Given that on average a woman has her cycle 13 times and menstruates
4 days per period, that amounts to 52 days which is almost 2 months
in a year. That is a considerable amount of time to miss out on
learning and it negatively affects the general performance of girls
in school. In Rwanda secondary school girls have even proposed for
increase in tuition fees so that schools can provide sanitary towels.
It cannot be disputed
that sanitary towels are basic necessities for women and promotes
their sexual and reproductive health. Article 14 (1) of the Protocol
on the Rights of Women in Africa requires state parties to respect
and promote and the right to sexual and reproductive health of women.

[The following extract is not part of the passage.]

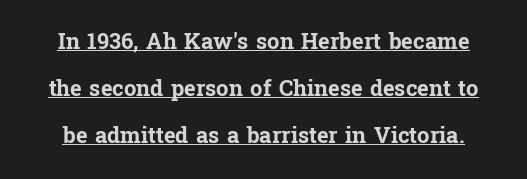
These lines keep a tight, regular rhythm from letter to letter. Decoration check: the copy is underlined. Students, this is bold: see how much ink each stroke carries. These lines stand farther apart than default settings would place them.

Despite the separate provisions for sanitation and reproductive
health, we need to recognize the relation between sanitation and
sexual and reproductive health and their effect on the living conditions
of women. Lack of adequate sanitation and clean water makes women
susceptible to infections that affect their sexual and reproductive
health. The use of materials such as old rags and other unhygienic
materials cause a number of health problems for women which in turn
can affect their reproductive health. Often women have no resources
and even time to seek proper medical treatment and for many women
in the rural areas health facilities are often located far away
and are inaccessible. States must ensure that when discussing about
water and sanitation they take into consideration how the lack of
these two impact women and the society at large.
Careers and training
areas around water supply and sanitation are dominated by men. There
is a need to break the social barriers restricting the participation
of women in community based forums or public consultations that
influence water policies from the grassroots level. If water management
is to be democratic and transparent, it should represent the needs
of all, that is to say that men and women ought to have an equal
say. This process needs to delineate the specific roles and needs
of men and women in water management and how both can be incorporated
for equal and sustainable use of resources. Some of the basic rights
are intertwined, for example the rights to water and land, and a
practical approach needs to be established.
During times
of war and conflict, sanitation facilities in camps are generally
poor and women rely on foreign aid to cater for their needs. Women
are the worst hit by shortages of water and poor sanitation because
they have to travel longer distances to search for water under very
insecure conditions. Gender inequalities regarding political, economic
status, human rights, education and health increase the risks during
health hazards. There is a need for women to be integrated in the
process of peace building and natural resource management.
In conclusion,
despite the preponderance of various international instruments underlining
the status of women in access to water supply and sanitation, more
needs to be done at the enforcement level. There should be some
active reflection of the substance of these laws and adjustment
of procedures that hinder access of women to resources. The African
Union Protocol on the Rights of Women and the United Nations Millennium
Development goals have given Africa leaders standards that they
can adopt to ensure that the right to water and proper sanitation
is assured to all citizens and most importantly to women who are
the caretakers of homes and the users of water and sanitation for
the benefit of their families and society as a whole. African leaders
can no longer afford to ignore the voice of women.
*Catherine Irura is a Law Student at the University of Nairobi
and currently an intern with Equality Now, Africa Regional Office.